Война близилась к концу — это чувствовали все. Немцы проигрывали, и шансов на заключение более или менее выгодного для них мира практически не оставалось. Освобождение Парижа началось в тот день, когда Габриэль праздновала свой день рождения. Но 19 августа на этот раз стало для нее началом конца. «В магазине Шанель резко поубавилось покупателей в военной форме, и на флаконы с двумя переплетенными „с“ уже не набрасывались, как прежде. Развязывались языки. Чувствовалось, что конец близок. По почте приходили анонимные угрозы, люди отворачивались… Да, все изменилось, только не для Габриэль, которая после своего мимолетного заговора обрела тяжелый покой и продолжала жить жизнью, странные последствия которой она оценивала каждое мгновение. Вечная незаконная… Перевернув последнюю страницу, она более чем когда-либо оставалась в стороне, за бортом. Вокруг нее было очень мало друзей: Мися, которая все знала, но делала вид, что ничего не знает, верный Лифарь, который ни во что не был посвящен. Что касается других, друзей великой эпохи „Русских балетов“, они молчали и избегали ее»[41]
.Запятнанная репутация стоила дорого. Уже через месяц после освобождения Парижа за Габриэль пришли. В отель «Ритц», в котором и следа не осталось от «немецкой половины», вошли два молодых человека. Они арестовали Мадмуазель, но буквально на несколько часов…
К концу войны Франция подошла в состоянии экономического упадка: более ста тысяч мелких торговых и ремесленных предприятий обанкротилось. Резко упало производство: в промышленности до 38 процентов, в сельском хозяйстве до 60 процентов от довоенного уровня. В отличие от некоторых других европейских стран разрушения были невелики, но большинство заводов стояло, был парализован транспорт, практически прекратилась внешняя торговля, расстроена денежная система. Франция вновь превратилась в крупнейшего должника Великобритании и США. В стране ощущался недостаток предметов широкого потребления, резко возросла безработица. Выросли цены, карточная система едва обеспечивала людей продовольствием. Почти два миллиона человек вернулось из плена. На политической сцене в то время укрепили свои позиции коммунистическая и социалистическая партии, игравшие видную роль в движении Сопротивления. Их противники, напротив, потеряли доверие людей, так как буржуазные и правые партии с полным основанием обвинялись в коллаборационизме.

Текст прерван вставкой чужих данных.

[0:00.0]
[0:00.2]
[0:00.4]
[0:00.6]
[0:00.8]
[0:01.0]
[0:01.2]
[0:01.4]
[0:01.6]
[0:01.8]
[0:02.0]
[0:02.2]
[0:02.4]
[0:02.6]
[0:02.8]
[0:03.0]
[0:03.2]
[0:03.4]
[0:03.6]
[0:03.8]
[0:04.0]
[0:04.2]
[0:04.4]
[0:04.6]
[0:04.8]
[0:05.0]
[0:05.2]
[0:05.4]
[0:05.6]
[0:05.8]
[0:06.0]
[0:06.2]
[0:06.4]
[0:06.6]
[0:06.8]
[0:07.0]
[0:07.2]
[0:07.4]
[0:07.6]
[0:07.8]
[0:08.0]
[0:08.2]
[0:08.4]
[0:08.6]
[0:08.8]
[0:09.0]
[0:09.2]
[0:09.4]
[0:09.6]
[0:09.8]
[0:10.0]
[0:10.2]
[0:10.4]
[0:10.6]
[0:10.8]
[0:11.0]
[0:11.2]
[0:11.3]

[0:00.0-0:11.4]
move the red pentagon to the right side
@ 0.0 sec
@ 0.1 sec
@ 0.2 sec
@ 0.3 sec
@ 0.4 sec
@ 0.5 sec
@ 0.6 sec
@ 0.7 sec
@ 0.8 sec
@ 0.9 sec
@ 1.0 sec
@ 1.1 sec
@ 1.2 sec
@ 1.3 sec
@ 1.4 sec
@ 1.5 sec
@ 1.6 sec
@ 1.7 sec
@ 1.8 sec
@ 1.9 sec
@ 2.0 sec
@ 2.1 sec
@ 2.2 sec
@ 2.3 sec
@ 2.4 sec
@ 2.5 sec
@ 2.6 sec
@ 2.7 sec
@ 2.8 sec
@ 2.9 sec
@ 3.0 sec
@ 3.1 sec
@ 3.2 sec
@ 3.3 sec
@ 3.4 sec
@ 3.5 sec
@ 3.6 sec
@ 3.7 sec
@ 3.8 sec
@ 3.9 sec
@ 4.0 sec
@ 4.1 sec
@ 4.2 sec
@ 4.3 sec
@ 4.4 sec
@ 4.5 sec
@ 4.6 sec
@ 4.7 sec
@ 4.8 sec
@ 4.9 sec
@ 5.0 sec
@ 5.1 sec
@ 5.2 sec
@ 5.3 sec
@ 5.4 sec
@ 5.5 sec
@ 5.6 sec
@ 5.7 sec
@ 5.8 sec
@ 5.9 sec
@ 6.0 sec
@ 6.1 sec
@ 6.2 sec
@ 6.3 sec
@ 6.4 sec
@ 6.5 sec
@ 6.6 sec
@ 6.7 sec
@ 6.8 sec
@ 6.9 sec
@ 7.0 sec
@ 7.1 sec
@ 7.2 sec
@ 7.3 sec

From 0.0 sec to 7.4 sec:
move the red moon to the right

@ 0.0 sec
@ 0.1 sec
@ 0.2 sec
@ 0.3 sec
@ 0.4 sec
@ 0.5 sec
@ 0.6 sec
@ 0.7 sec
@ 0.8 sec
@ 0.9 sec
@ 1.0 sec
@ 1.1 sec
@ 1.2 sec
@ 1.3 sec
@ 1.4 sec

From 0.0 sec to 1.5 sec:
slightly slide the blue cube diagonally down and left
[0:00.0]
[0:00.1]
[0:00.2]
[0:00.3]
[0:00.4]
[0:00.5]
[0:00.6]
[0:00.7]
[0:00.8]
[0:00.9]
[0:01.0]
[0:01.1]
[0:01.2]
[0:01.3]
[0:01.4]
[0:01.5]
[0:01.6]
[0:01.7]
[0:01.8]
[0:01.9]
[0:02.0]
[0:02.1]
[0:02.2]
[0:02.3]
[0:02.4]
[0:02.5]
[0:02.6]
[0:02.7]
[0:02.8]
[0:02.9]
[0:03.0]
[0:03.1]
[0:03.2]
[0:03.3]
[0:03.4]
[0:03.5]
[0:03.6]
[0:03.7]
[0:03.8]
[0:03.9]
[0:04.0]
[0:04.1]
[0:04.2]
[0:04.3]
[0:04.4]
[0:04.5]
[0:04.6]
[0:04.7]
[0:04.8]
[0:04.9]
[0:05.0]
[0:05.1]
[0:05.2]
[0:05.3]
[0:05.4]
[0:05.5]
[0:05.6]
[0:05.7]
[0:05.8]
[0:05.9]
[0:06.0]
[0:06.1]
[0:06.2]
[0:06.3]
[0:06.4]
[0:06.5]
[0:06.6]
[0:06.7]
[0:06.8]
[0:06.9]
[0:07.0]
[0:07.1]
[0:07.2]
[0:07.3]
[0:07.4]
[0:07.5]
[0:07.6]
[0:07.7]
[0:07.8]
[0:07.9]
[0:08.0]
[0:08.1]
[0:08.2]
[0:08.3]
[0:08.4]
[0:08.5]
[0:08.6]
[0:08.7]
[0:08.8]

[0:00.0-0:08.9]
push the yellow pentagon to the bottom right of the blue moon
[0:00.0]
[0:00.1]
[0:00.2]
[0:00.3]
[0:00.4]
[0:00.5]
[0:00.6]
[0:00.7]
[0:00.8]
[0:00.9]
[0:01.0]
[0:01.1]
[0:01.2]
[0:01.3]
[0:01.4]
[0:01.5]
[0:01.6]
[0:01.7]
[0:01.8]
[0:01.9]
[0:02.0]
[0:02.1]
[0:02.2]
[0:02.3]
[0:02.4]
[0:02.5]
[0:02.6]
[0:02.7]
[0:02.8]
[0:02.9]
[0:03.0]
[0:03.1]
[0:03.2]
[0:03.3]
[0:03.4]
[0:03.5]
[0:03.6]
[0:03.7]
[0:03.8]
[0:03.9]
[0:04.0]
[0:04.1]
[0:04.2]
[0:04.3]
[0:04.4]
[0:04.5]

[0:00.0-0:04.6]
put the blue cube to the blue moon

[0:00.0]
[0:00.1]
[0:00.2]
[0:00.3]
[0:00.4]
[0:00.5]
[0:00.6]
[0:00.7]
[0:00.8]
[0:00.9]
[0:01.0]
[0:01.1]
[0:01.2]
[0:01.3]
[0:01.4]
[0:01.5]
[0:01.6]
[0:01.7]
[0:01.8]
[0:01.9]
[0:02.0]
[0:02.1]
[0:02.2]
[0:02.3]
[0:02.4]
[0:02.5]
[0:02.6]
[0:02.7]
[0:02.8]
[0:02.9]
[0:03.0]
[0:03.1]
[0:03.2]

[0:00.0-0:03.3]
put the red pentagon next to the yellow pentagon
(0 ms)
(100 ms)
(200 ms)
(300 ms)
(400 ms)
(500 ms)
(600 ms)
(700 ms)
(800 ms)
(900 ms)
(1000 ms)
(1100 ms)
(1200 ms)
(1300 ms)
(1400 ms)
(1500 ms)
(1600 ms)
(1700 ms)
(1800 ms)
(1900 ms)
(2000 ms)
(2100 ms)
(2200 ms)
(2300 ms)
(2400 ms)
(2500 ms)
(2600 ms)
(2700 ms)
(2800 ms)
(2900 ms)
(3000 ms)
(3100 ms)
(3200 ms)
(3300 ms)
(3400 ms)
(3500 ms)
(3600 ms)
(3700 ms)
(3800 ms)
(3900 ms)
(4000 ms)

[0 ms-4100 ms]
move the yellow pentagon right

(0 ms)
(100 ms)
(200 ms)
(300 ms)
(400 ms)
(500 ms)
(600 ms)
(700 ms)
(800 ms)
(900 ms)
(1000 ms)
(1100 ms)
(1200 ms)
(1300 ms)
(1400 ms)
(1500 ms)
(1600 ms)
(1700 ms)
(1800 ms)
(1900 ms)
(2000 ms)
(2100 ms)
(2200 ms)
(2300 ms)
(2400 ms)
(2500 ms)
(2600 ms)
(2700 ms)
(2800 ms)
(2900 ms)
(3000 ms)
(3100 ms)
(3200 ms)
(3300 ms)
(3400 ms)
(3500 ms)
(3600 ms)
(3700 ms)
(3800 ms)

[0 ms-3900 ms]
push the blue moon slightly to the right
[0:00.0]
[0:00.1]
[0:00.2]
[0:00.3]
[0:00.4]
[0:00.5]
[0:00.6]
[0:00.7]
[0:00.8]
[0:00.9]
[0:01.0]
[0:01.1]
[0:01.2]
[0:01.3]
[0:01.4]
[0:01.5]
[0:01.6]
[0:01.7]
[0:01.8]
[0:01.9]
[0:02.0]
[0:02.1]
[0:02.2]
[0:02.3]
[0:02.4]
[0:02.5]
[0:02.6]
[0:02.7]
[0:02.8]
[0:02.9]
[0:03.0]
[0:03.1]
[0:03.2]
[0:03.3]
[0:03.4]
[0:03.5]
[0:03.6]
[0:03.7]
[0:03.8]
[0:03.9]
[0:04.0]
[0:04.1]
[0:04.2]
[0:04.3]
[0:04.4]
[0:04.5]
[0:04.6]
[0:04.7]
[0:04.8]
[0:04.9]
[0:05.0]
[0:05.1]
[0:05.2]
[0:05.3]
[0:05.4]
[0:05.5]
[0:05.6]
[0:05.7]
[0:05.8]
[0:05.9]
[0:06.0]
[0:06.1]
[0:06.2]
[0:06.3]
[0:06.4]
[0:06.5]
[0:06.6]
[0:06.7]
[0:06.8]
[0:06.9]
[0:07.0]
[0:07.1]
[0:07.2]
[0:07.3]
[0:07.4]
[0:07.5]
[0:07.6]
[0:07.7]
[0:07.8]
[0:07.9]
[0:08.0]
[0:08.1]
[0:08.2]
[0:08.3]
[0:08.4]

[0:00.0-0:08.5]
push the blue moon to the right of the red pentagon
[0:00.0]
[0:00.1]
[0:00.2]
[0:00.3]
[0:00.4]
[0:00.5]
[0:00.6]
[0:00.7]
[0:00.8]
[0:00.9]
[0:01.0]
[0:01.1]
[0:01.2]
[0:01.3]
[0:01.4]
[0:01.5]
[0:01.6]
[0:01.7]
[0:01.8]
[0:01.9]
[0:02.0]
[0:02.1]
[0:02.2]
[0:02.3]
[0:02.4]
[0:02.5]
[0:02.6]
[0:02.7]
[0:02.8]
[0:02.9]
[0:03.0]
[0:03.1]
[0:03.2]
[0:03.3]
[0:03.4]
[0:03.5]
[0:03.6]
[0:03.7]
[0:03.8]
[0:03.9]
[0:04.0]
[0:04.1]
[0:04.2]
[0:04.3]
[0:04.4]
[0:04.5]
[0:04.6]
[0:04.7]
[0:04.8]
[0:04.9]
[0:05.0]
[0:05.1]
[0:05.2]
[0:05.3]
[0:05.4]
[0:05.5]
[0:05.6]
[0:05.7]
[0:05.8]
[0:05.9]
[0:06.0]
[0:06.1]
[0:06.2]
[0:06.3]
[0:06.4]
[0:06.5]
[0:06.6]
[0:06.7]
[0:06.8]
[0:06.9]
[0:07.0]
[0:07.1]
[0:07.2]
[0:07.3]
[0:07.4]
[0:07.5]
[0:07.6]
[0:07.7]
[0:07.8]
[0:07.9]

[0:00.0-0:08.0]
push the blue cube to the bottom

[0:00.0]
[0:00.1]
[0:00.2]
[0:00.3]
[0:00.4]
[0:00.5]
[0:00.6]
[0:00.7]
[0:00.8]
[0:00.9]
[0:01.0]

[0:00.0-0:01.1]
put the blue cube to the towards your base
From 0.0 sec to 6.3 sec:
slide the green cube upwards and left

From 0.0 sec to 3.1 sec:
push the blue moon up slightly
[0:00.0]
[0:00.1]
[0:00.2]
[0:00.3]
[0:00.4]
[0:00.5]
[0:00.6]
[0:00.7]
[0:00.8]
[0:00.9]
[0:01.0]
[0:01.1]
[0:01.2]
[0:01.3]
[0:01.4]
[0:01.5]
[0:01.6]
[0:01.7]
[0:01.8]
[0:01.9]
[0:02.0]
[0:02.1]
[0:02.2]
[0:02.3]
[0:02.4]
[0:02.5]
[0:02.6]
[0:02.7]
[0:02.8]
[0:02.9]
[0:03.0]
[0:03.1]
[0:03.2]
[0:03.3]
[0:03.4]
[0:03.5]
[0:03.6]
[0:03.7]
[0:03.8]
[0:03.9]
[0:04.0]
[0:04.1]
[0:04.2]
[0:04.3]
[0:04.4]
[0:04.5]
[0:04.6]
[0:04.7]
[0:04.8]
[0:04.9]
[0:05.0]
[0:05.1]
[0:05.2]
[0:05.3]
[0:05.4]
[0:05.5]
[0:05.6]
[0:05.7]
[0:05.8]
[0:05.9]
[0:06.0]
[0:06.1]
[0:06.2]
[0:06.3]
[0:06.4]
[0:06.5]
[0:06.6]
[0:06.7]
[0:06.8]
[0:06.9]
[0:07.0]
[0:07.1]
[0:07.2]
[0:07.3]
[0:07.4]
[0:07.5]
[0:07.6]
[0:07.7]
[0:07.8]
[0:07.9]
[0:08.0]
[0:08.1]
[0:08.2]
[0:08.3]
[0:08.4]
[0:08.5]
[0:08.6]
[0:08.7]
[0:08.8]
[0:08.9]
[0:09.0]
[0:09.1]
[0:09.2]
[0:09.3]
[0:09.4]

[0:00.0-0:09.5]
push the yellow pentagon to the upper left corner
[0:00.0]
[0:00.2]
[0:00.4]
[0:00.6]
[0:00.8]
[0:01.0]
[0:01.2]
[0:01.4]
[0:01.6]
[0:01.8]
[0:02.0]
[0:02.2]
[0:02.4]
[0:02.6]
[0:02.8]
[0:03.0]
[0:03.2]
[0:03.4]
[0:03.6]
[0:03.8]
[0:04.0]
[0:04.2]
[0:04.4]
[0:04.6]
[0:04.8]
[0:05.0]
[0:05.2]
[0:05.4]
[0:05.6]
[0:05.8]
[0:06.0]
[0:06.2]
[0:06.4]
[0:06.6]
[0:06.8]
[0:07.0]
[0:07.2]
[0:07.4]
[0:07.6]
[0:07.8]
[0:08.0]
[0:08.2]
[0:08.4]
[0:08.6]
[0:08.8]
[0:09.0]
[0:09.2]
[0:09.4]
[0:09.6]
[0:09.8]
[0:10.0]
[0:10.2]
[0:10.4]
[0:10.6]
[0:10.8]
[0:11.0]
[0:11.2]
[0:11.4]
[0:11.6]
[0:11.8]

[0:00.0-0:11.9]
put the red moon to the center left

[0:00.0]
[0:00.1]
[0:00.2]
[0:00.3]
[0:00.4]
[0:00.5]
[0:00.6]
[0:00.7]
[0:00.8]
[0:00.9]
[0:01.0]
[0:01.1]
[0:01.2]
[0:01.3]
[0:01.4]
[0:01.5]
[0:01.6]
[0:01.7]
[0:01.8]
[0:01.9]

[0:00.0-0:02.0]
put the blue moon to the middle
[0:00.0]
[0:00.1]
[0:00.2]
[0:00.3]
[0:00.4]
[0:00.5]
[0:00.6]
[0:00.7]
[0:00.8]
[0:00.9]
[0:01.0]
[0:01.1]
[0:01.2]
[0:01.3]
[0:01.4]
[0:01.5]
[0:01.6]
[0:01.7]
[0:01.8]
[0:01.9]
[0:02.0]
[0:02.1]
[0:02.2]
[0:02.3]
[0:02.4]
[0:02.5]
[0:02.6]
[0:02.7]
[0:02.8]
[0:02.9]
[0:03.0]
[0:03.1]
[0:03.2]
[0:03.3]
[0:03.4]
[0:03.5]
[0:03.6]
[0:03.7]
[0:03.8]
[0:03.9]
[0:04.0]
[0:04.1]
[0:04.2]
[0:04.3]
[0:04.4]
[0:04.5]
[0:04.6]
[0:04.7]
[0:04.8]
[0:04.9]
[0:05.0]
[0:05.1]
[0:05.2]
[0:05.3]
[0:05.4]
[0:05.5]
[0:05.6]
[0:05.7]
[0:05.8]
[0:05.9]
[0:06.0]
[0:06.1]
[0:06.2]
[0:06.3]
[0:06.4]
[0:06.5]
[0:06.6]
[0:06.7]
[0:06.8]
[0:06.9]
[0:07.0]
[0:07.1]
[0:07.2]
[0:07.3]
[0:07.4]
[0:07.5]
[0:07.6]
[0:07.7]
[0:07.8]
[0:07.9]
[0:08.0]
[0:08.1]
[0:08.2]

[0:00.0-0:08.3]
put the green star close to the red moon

Тех, кто так или иначе сотрудничал с нацистами, арестовывали специальные комитеты по чистке. Без суда и следствия они хватали фактически всех подряд и только потом разбирались, насколько в действительности тот или иной человек был виновен. Среди арестованных, как было ранее упомянуто, числился и представлявший интересы братьев Вертхаймеров Феликс Амье. Одной из самых многочисленных прослоек, попавшей под процедуру чистки, являлись деятели искусства, которые оставались в стране во время оккупации, а потому вынужденно или по собственной воле контактировали с нацистами. Почти все французские фильмы тех лет, включая шедевры Р. Клемана, А.-Ж. Клузо, М. Карне, были сняты на созданной нацистами киностудии «Континенталь» или при ее поддержке. Знаменитые шансонье М. Шевалье, Ш. Трене, Э. Пиаф участвовали в гала-концертах для немецких офицеров. Наконец, таких деятелей культуры, как А. де Монтерлан, П. Моран, Ж. Кокто, П. Пикассо, связывала дружба с представителями немецких оккупационных властей. Ж.-П. Сартр и Колетт печатались в коллаборационистской прессе. С. де Бовуар работала на радиостанции Виши. Ж. Дюамель и Ф. Мориак ходили на поклон в Немецкий институт с целью добиться разрешения на публикацию своих произведений. Правда, некоторые из них, проявляя дальновидность, устанавливали осторожные контакты и с Сопротивлением. Подобную «дальновидность» проявляли многие, порой также вынужденно, как и сотрудничая с немцами.